▸ WHAT YOU NEED TO DO: Check every line below, and copy those that include "stroke".

[Items listed in a dataset]

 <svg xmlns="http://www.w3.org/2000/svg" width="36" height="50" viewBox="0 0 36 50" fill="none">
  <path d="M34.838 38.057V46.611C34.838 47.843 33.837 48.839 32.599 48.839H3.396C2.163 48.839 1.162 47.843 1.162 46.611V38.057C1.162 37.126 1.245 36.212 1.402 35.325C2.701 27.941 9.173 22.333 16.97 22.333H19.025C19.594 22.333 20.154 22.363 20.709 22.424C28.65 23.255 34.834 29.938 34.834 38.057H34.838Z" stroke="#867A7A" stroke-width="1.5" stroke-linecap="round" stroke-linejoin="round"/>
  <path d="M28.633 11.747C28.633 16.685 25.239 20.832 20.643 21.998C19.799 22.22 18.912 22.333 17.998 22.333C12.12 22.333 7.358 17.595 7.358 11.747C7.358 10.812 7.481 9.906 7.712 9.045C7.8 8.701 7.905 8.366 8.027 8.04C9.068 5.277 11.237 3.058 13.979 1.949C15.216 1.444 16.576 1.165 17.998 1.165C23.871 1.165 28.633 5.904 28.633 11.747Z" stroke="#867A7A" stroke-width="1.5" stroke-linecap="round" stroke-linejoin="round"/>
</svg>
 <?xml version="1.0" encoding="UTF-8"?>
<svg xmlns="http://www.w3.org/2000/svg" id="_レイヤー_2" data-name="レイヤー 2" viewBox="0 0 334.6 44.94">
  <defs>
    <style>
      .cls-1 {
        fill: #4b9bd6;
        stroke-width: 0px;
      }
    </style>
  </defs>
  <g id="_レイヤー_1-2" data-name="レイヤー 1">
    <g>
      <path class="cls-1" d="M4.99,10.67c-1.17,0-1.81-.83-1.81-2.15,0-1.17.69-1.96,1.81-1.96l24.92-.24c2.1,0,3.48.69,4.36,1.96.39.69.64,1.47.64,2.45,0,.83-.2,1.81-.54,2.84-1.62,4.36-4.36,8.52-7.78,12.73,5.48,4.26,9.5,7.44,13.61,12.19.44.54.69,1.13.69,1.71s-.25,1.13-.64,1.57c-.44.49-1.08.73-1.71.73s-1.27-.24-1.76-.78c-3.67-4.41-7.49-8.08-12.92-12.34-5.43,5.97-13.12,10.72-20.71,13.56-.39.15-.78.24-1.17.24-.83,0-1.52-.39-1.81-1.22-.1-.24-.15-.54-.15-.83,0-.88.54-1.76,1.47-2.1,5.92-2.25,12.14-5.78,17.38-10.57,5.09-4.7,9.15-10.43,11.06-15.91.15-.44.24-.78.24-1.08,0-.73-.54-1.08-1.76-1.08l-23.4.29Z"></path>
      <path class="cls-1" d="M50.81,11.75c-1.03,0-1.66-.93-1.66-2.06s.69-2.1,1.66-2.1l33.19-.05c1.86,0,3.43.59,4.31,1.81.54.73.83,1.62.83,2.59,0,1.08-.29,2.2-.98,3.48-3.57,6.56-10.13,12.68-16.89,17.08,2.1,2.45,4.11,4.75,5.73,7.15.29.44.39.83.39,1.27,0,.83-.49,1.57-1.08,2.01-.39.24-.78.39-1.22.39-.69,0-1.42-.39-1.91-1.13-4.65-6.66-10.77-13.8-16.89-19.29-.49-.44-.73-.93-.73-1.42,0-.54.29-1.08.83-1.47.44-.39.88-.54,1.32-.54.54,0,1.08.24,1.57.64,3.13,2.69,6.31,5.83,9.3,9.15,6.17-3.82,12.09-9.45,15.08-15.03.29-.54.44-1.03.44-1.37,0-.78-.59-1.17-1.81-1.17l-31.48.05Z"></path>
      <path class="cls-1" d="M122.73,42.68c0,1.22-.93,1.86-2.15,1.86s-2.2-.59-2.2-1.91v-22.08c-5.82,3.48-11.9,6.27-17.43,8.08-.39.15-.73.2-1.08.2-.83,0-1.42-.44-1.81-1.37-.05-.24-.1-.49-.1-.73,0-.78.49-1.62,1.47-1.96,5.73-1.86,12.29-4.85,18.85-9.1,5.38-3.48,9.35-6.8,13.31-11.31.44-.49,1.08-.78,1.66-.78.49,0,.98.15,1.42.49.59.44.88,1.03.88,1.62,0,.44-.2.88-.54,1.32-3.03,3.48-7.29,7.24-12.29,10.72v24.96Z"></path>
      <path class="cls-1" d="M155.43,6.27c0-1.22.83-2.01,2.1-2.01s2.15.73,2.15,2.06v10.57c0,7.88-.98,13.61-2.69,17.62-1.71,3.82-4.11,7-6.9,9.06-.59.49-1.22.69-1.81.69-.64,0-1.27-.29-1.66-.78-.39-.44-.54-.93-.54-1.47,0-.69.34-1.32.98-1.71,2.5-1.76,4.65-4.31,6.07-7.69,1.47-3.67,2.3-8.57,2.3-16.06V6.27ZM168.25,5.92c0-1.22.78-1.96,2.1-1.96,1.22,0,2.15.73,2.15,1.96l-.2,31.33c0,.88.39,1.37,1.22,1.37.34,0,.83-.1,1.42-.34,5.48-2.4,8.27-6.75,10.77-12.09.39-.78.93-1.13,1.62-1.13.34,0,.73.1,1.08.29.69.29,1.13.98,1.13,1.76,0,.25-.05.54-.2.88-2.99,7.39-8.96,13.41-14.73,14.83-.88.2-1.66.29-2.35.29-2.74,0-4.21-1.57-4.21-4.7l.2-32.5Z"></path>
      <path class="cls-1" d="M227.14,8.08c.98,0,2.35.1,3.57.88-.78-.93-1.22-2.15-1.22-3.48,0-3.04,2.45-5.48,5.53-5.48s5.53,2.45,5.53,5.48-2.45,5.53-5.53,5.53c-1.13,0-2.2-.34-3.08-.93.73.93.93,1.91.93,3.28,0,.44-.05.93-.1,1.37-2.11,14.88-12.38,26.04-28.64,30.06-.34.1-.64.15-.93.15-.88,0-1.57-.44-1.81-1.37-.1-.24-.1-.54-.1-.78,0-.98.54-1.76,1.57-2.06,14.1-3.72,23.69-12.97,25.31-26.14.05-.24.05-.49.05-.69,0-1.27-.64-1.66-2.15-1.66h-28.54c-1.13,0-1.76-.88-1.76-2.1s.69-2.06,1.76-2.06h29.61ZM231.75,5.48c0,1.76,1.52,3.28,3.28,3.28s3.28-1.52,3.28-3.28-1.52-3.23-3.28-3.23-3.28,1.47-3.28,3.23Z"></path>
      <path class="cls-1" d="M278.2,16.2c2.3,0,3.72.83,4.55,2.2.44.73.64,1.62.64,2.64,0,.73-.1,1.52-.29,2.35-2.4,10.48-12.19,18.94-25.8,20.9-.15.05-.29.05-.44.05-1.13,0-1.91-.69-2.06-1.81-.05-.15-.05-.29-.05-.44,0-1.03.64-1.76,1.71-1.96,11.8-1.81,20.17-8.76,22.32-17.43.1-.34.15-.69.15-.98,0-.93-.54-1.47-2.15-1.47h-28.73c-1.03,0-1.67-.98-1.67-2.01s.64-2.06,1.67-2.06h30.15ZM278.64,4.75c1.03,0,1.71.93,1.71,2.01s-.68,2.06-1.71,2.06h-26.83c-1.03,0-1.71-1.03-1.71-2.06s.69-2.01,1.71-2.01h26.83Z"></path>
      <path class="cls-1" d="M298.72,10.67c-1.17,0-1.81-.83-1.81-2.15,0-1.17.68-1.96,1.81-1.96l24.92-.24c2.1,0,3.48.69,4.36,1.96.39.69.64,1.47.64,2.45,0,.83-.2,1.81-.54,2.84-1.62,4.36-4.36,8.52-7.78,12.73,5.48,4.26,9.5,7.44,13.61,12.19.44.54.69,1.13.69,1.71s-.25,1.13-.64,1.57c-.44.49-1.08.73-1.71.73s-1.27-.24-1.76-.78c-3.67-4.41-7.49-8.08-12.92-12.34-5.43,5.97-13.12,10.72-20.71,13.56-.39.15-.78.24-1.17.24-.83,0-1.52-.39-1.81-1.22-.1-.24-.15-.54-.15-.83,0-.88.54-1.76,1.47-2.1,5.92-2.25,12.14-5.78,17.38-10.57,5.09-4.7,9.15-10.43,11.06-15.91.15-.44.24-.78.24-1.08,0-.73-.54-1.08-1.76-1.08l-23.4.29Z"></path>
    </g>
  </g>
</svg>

▸ OUTPUT OF THE EXERCISE:
  <path d="M34.838 38.057V46.611C34.838 47.843 33.837 48.839 32.599 48.839H3.396C2.163 48.839 1.162 47.843 1.162 46.611V38.057C1.162 37.126 1.245 36.212 1.402 35.325C2.701 27.941 9.173 22.333 16.97 22.333H19.025C19.594 22.333 20.154 22.363 20.709 22.424C28.65 23.255 34.834 29.938 34.834 38.057H34.838Z" stroke="#867A7A" stroke-width="1.5" stroke-linecap="round" stroke-linejoin="round"/>
  <path d="M28.633 11.747C28.633 16.685 25.239 20.832 20.643 21.998C19.799 22.22 18.912 22.333 17.998 22.333C12.12 22.333 7.358 17.595 7.358 11.747C7.358 10.812 7.481 9.906 7.712 9.045C7.8 8.701 7.905 8.366 8.027 8.04C9.068 5.277 11.237 3.058 13.979 1.949C15.216 1.444 16.576 1.165 17.998 1.165C23.871 1.165 28.633 5.904 28.633 11.747Z" stroke="#867A7A" stroke-width="1.5" stroke-linecap="round" stroke-linejoin="round"/>
        stroke-width: 0px;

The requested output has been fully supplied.